Das Silicon Valley besteht aus Menschen, die aus ihrer Heimat fliehen mussten oder sie verließen, um in Kalifornien den amerikanischen Traum zu suchen - das gilt noch mehr für das Tal der Erfinder als für die gesamten Vereinigten Staaten. Es zählt zu den Grundfesten des Silicon Valley, dass Menschen aus der ganzen Welt hier Produkte für die ganze Welt erfinden. Die US-Technologiekonzerne sind durch die Globalisierung groß geworden und haben sie erst zu dem gemacht, was sie ist.

Was wäre die Globalisierung ohne das Internet? Was wäre das Internet ohne die amerikanischen IT-Konzerne? Kaum jemand im Silicon Valley hat deshalb für den Nationalisten Donald Trump als gestimmt. Doch viele Menschen hofften, dass der Wahlkampf-Trump ein anderer Mann ist als der Präsident Trump. Die Hoffnung hat sich nicht bewahrheitet - spätestens seit Freitagnachmittag ist das klar. Der neue US-Präsident hatte am Freitag per Dekret angeordnet, dass Bürger der mehrheitlich muslimischen Länder Irak, Iran, Libyen, Somalia, Syrien, Sudan und Jemen für 90 Tage keine Visa erhalten dürfen. Flüchtlingen untersagte Trump die Einreise für 120 Tage, egal woher sie kommen, syrischen Flüchtlingen sogar auf unbestimmte Zeit.

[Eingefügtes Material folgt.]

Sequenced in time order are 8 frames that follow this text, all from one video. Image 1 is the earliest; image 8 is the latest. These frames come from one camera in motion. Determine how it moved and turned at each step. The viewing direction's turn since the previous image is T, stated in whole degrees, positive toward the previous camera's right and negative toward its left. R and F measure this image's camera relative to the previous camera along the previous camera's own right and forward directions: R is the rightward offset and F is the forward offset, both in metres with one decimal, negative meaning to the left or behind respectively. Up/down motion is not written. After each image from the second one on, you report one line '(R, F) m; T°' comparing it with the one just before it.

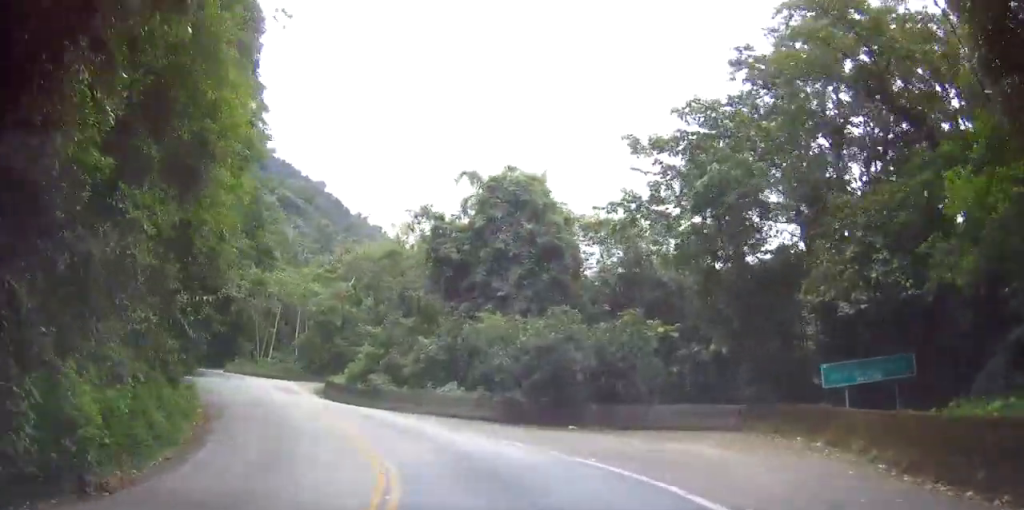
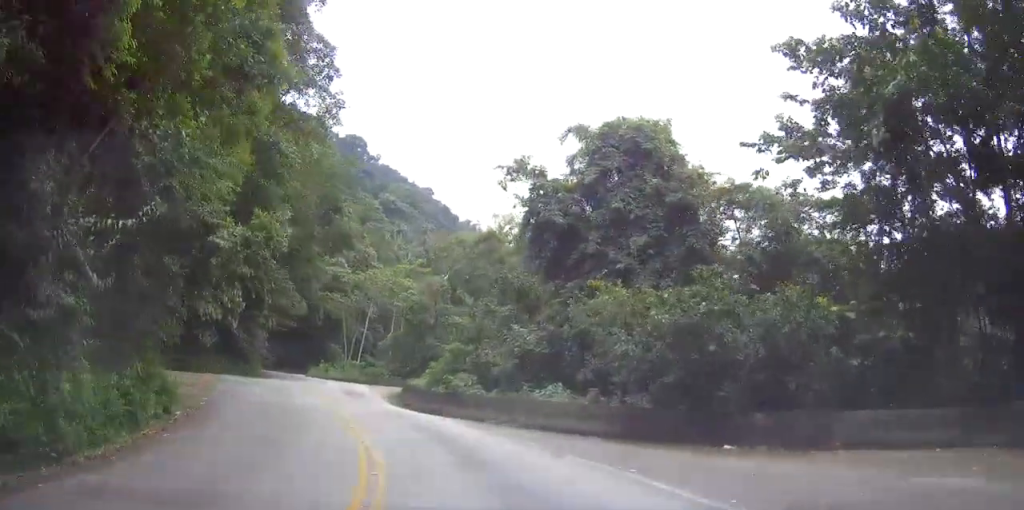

Das Verbot galt ursprünglich sogar für Menschen mit Aufenthalts- und Arbeitsgenehmigung. Später milderte die Trump-Regierung das ab, Greencard-Inhaber müssen nun vor ihrer Rückkehr in die USA eine amerikanische diplomatische Vertretung aufsuchen und dort zur "Routine-Überprüfung", dann dürfen sie einreisen. Die Greencard-Regelung ist wichtig für die Tech-Industrie, die auf ihre ausländischen Mitarbeiter angewiesen ist.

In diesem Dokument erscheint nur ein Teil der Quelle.